Few incidents have done more damage to America’s image in the world than the Abu Ghraib prisoner abuse scandal. In late April 2004, Americans got their first glimpse of the haunting photographs of Iraqi prisoners at the Abu Ghraib prison west of Baghdad: scenes of naked, humiliated prisoners piled on top of one another, some forced to assume sexual positions, all while American soldiers posed nearby, smiling at the camera. The photos provoked an instant outcry around the world. In addressing the scandal, President Bush insisted that it was the fault of a few dishonorable soldiers, not a systematic problem with how the U.S. was managing the war in Iraq — but investigations suggest that the blame likely rises higher up the military’s chain of command. Some senior officials, such as General Janis Karpinski, who was in charge of military prisons in Iraq, were reprimanded and suspended. But the blame mainly fell on low-level soldiers, who were convicted and sent to prison for participating in sexual abuse, beatings, and other brutal acts. Then-Secretary of Defense Donald Rumsfeld said news of the abuse “stunned him.” But a military report by Major General Antonio Taguba found that the prison was overcrowded, undermanned, and short of resources, making accountability for prisoner treatment rare.
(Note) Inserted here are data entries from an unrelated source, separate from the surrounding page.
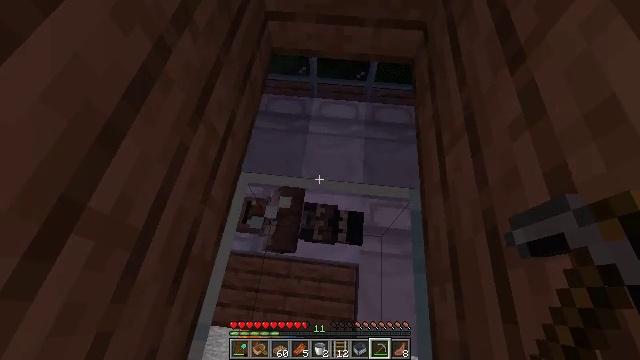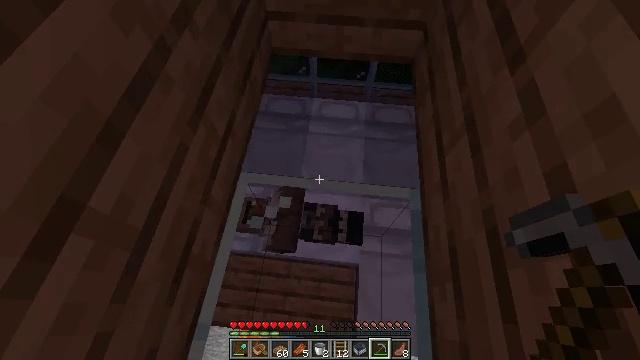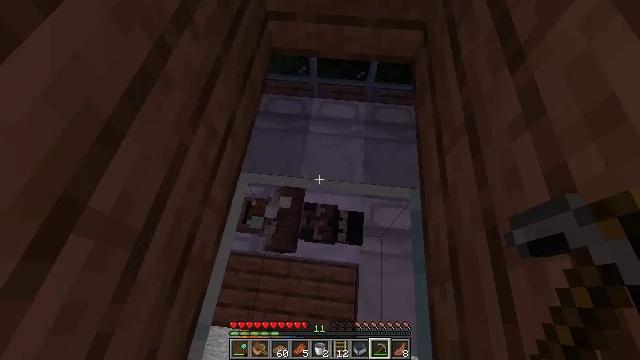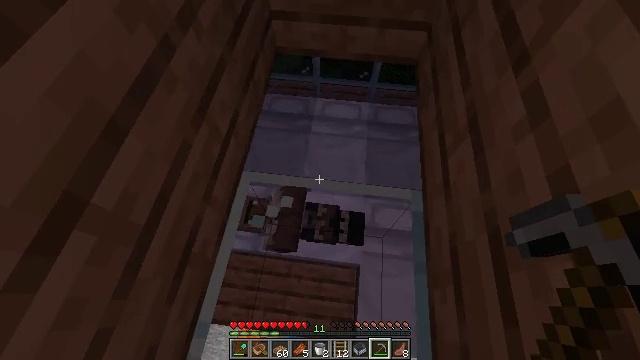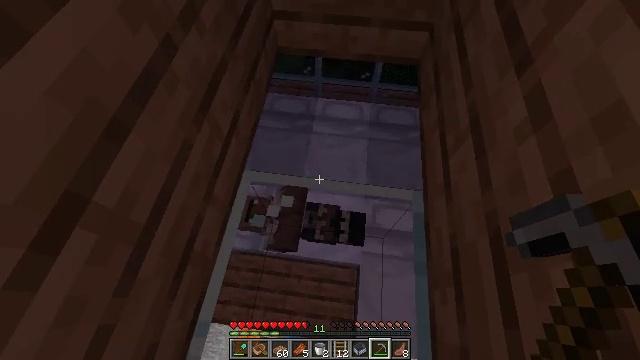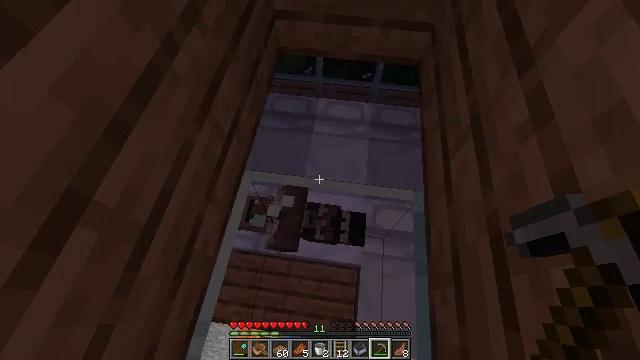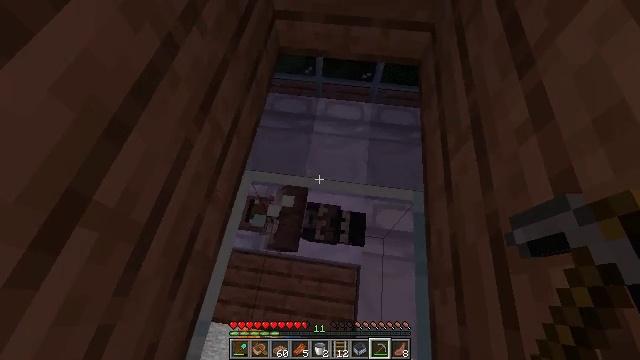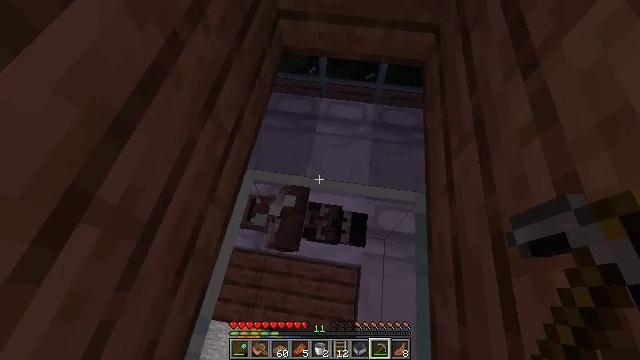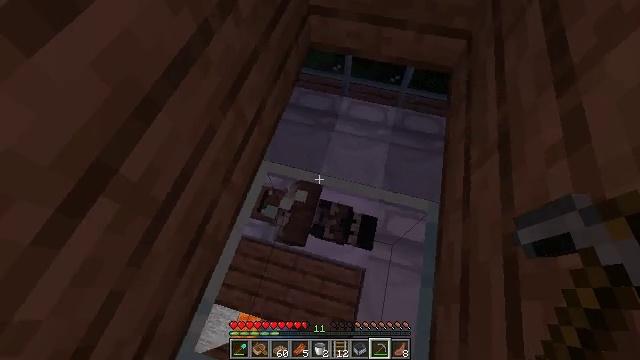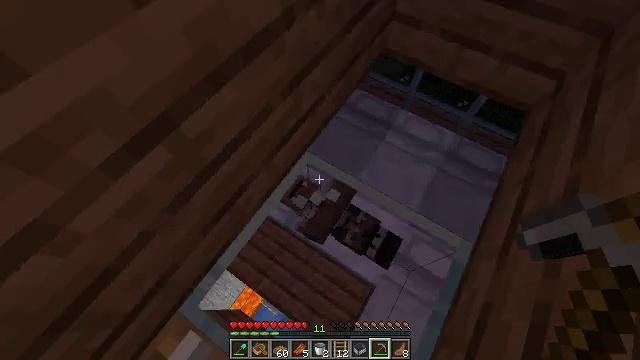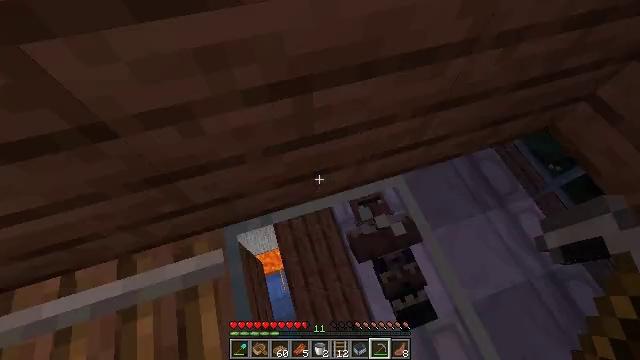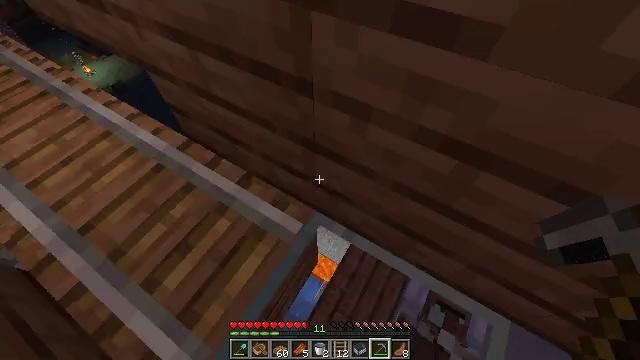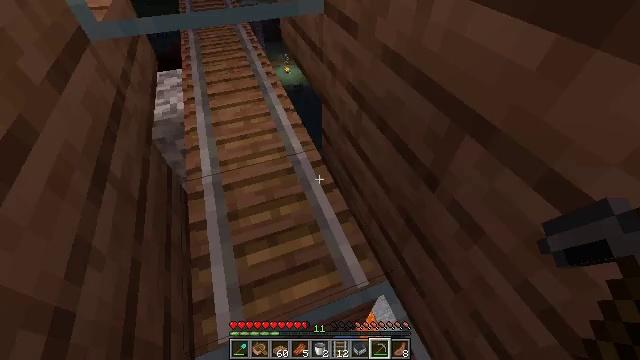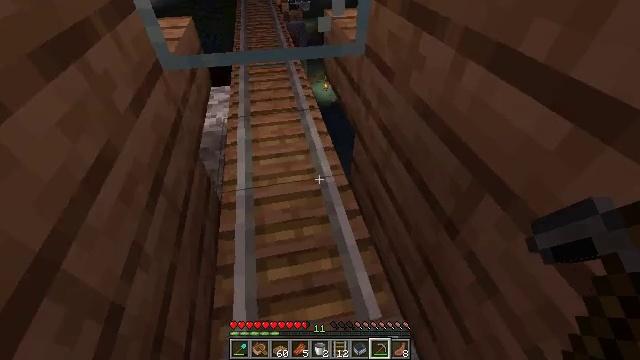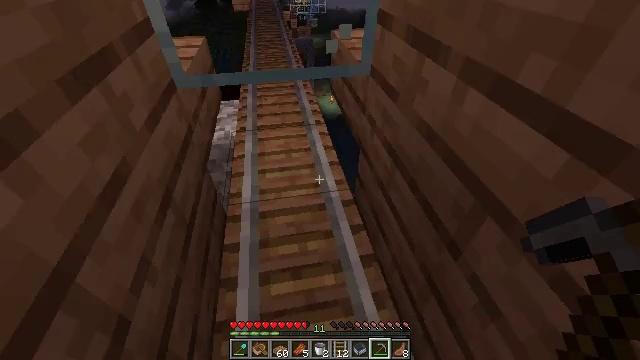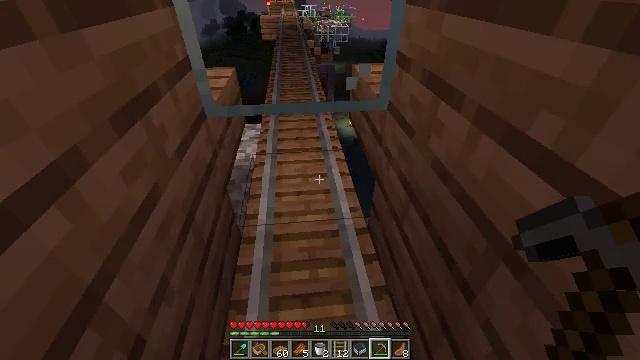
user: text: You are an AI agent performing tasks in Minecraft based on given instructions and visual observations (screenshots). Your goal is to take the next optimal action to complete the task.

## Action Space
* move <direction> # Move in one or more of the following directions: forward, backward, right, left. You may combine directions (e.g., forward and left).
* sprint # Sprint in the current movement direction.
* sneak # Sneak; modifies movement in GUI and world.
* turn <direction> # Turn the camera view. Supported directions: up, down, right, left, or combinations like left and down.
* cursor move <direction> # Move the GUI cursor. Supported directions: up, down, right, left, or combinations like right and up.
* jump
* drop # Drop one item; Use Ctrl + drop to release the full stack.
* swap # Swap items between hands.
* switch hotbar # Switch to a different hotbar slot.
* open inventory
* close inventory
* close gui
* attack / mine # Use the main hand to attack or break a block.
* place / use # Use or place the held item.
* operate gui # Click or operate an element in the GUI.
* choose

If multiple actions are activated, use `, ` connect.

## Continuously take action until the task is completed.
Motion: motion action
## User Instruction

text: Retrieve jungle planks by mining.
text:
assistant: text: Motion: sneak
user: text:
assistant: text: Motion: sneak
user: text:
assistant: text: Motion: sneak
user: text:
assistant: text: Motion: sneak
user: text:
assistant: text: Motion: sneak
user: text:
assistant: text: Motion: sneak
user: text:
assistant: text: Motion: sneak
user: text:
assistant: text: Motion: sneak, turn left
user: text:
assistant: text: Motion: sneak, turn left
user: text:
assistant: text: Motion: sneak, turn left
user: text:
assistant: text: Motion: turn left and up
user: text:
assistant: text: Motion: turn left and up
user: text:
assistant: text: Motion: turn left and up
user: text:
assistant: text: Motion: turn left and up
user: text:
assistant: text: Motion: turn left and up
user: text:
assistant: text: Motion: turn left
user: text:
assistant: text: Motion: turn left
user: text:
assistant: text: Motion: no_op
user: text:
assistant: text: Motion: no_op
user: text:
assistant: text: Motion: turn up
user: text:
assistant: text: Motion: turn up
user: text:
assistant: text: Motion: turn up
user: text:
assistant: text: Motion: no_op
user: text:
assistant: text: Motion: no_op
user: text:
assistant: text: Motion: no_op
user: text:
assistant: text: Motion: no_op
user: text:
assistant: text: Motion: no_op
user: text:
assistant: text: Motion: no_op
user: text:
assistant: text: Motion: turn left
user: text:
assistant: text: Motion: turn left
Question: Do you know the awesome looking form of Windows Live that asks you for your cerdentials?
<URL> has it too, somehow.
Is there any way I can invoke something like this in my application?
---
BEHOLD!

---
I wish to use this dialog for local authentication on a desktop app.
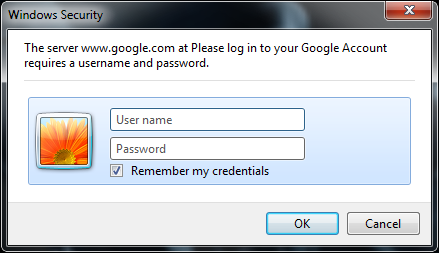
Answer: You could look into calling 'CredUIPromptForWindowsCredentials':
From <URL>:
> The CredUIPromptForWindowsCredentials
function creates and displays a
configurable dialog box that allows
users to supply credential information
by using any credential provider
installed on the local computer.
But there is more to this than simply displaying the dialog and recieving / acting on input - you'll most likely be required to register an authentication provider on the system, among some other things I'm not entirely competent with explaining in any detail! Might give you a decent starting ground though.
Oded compensated for my laziness and supplied the pinvoke.net link displaying definitions for this to be used in a managed environment:
<URL>
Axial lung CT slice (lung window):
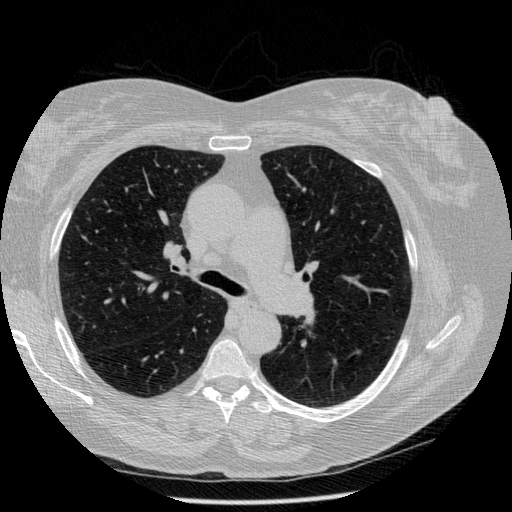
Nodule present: no
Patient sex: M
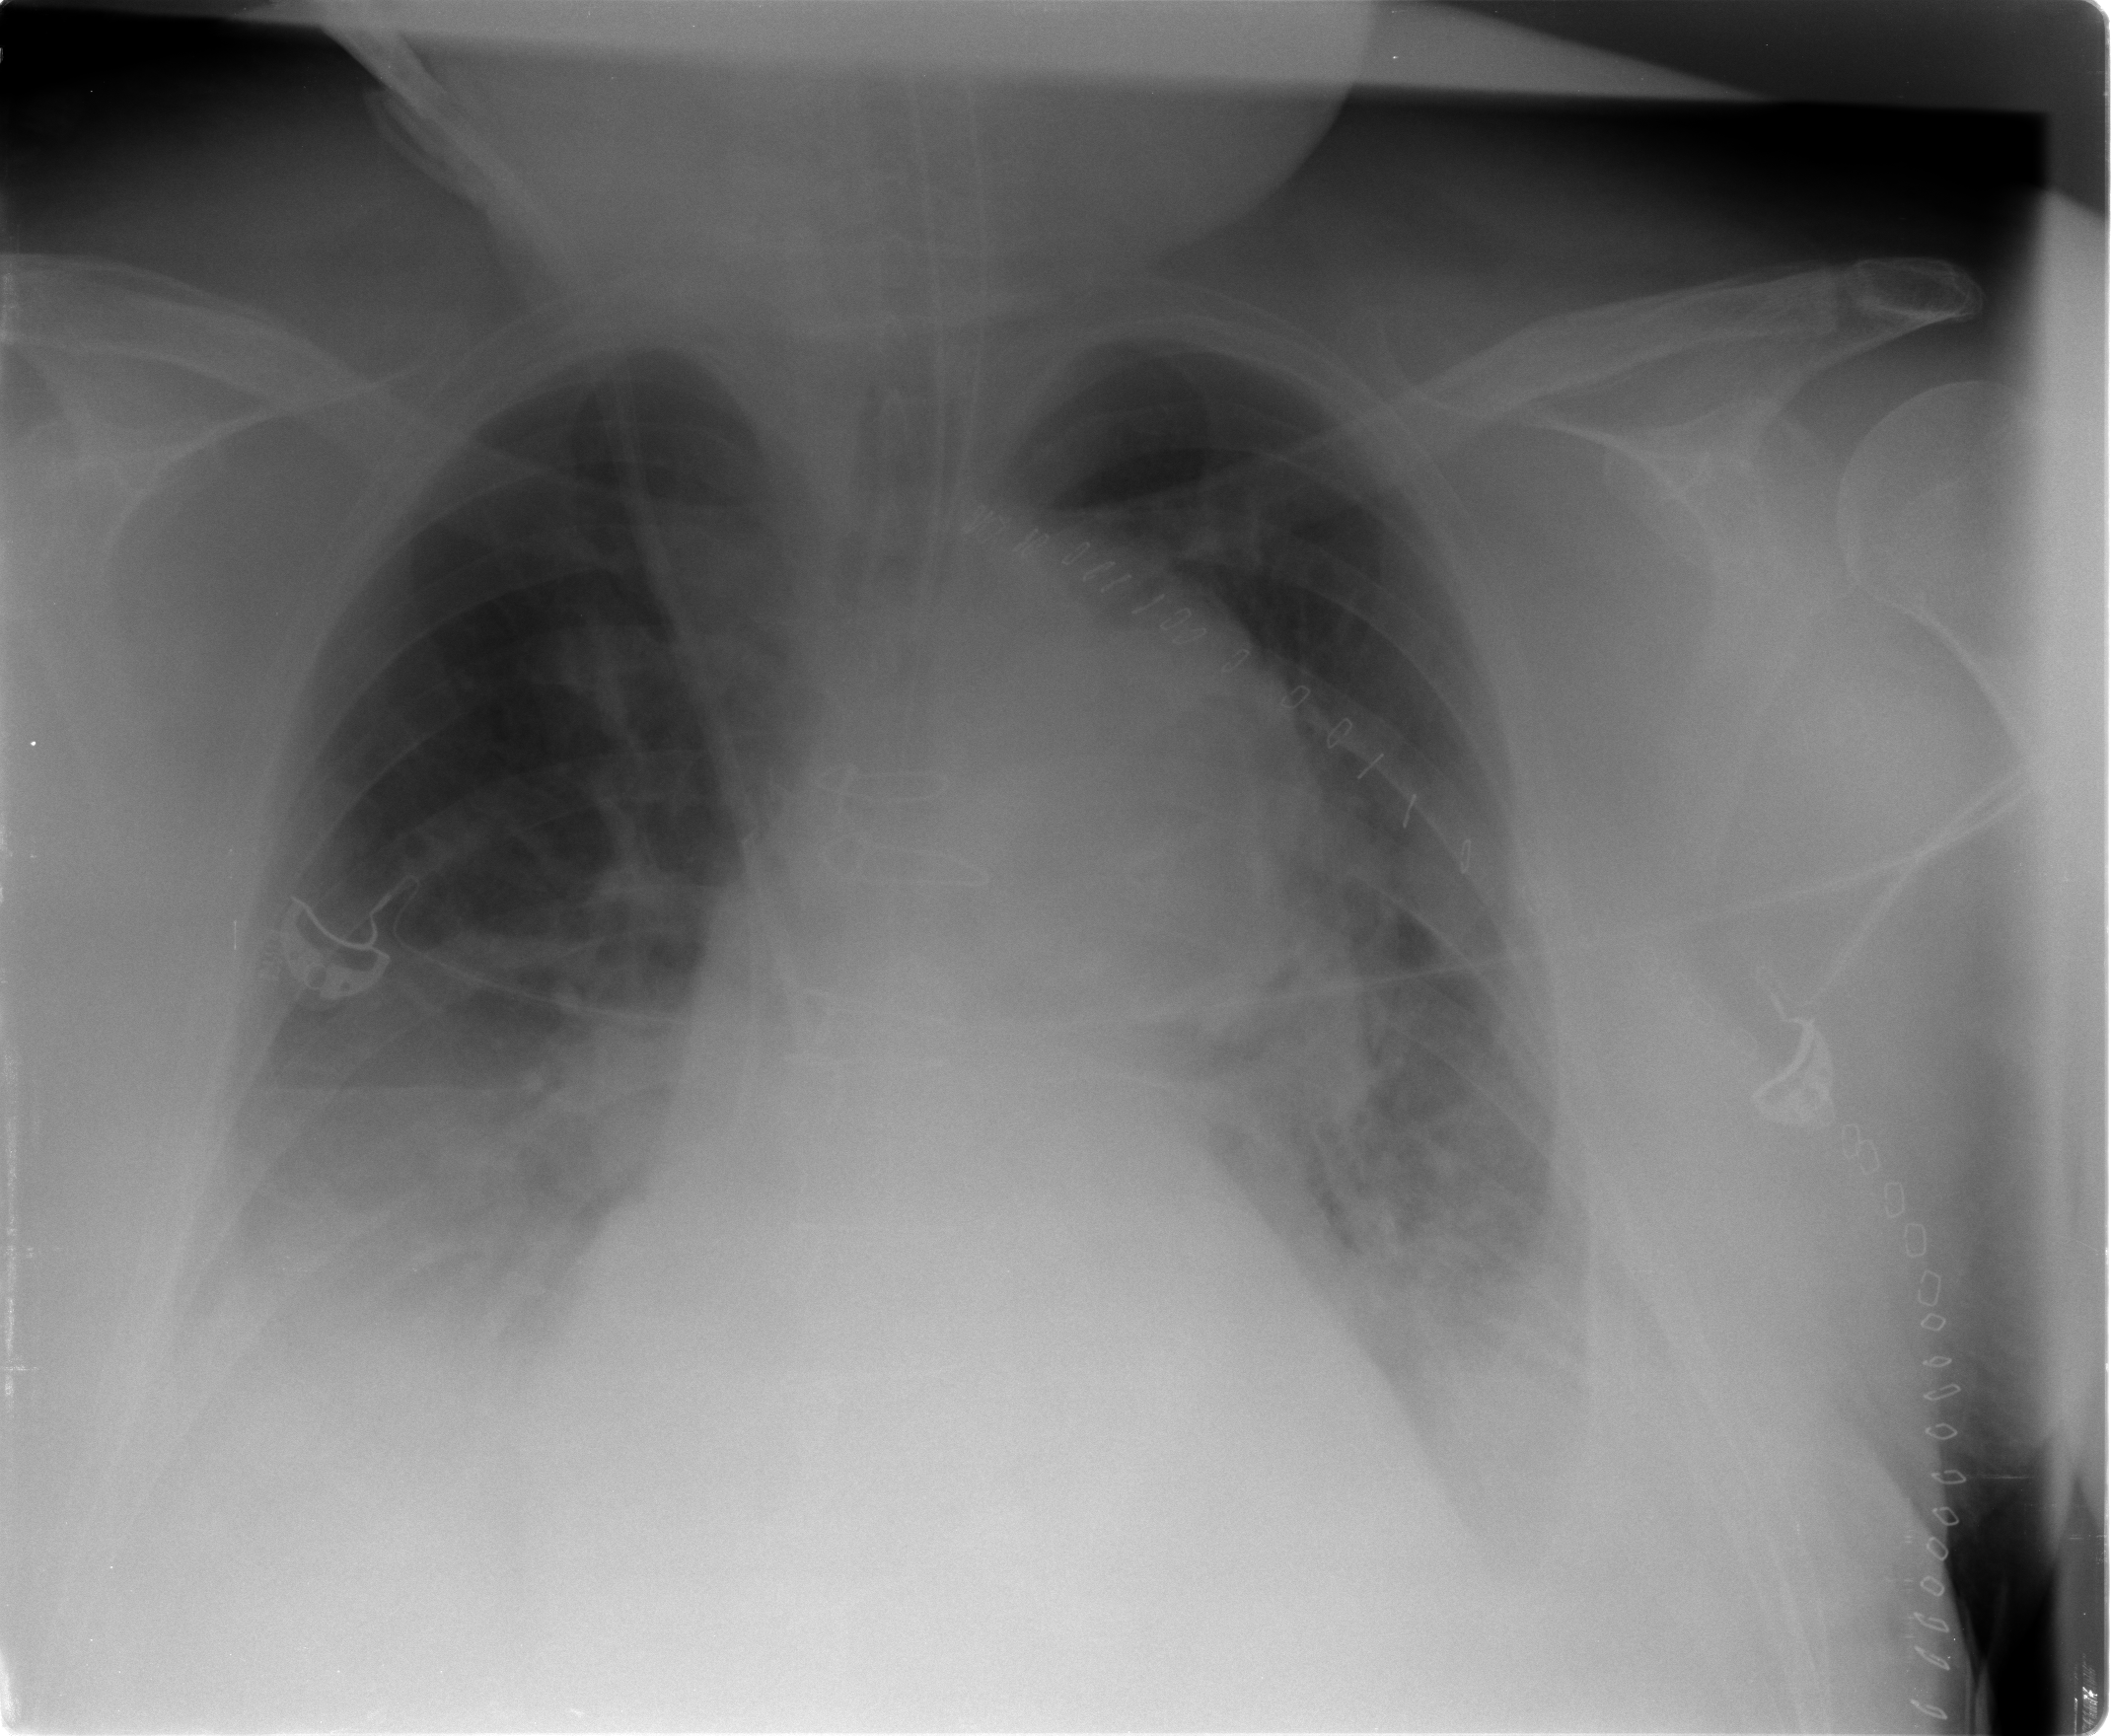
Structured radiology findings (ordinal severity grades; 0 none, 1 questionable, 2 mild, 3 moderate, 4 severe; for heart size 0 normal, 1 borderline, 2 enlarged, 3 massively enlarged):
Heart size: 2
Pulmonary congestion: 2
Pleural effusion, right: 3
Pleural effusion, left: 3
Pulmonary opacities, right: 2
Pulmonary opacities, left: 2
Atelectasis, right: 3
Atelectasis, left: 3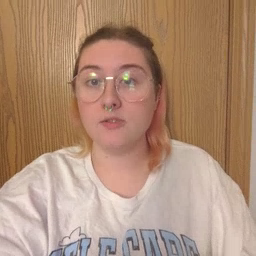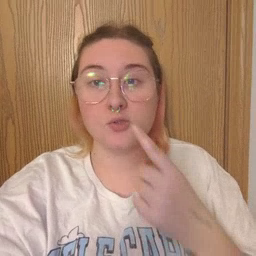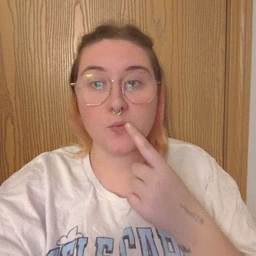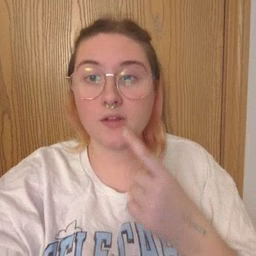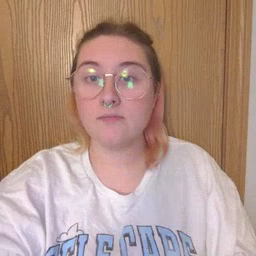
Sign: tooth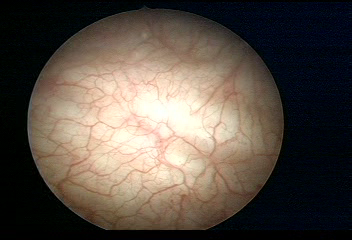
Modality: WLC
Class: Normal mucosa
Bladder cancer association: No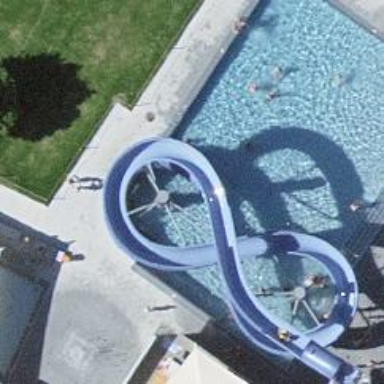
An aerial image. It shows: Blue water slide.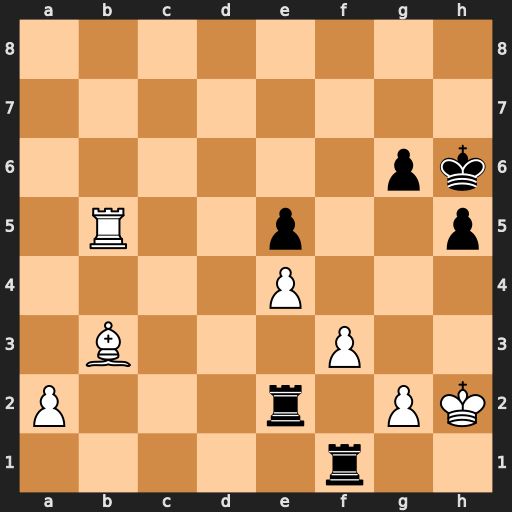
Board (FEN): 8/8/6pk/1R2p2p/4P3/1B3P2/P3r1PK/5r2
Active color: w
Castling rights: -
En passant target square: -
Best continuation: Bc4 Rxf3 Bxe2

Taguba also noted in 2004 that the Central Intelligence Agency had serious concerns about the kinds of interrogation techniques military forces used on detainees. But Taguba wasn’t permitted to delve much deeper; an article in The New Yorker in 2007 reported that military investigators were not allowed to look into the role of Rumsfeld and other Department of Defense officials. What is known is that the Pentagon found out about the existence of the photos in January 2004 and Taguba filed his report in March. President Bush knew about the abuses at Abu Ghraib at least by March, but he did not address the issue until the media publicized it in late April.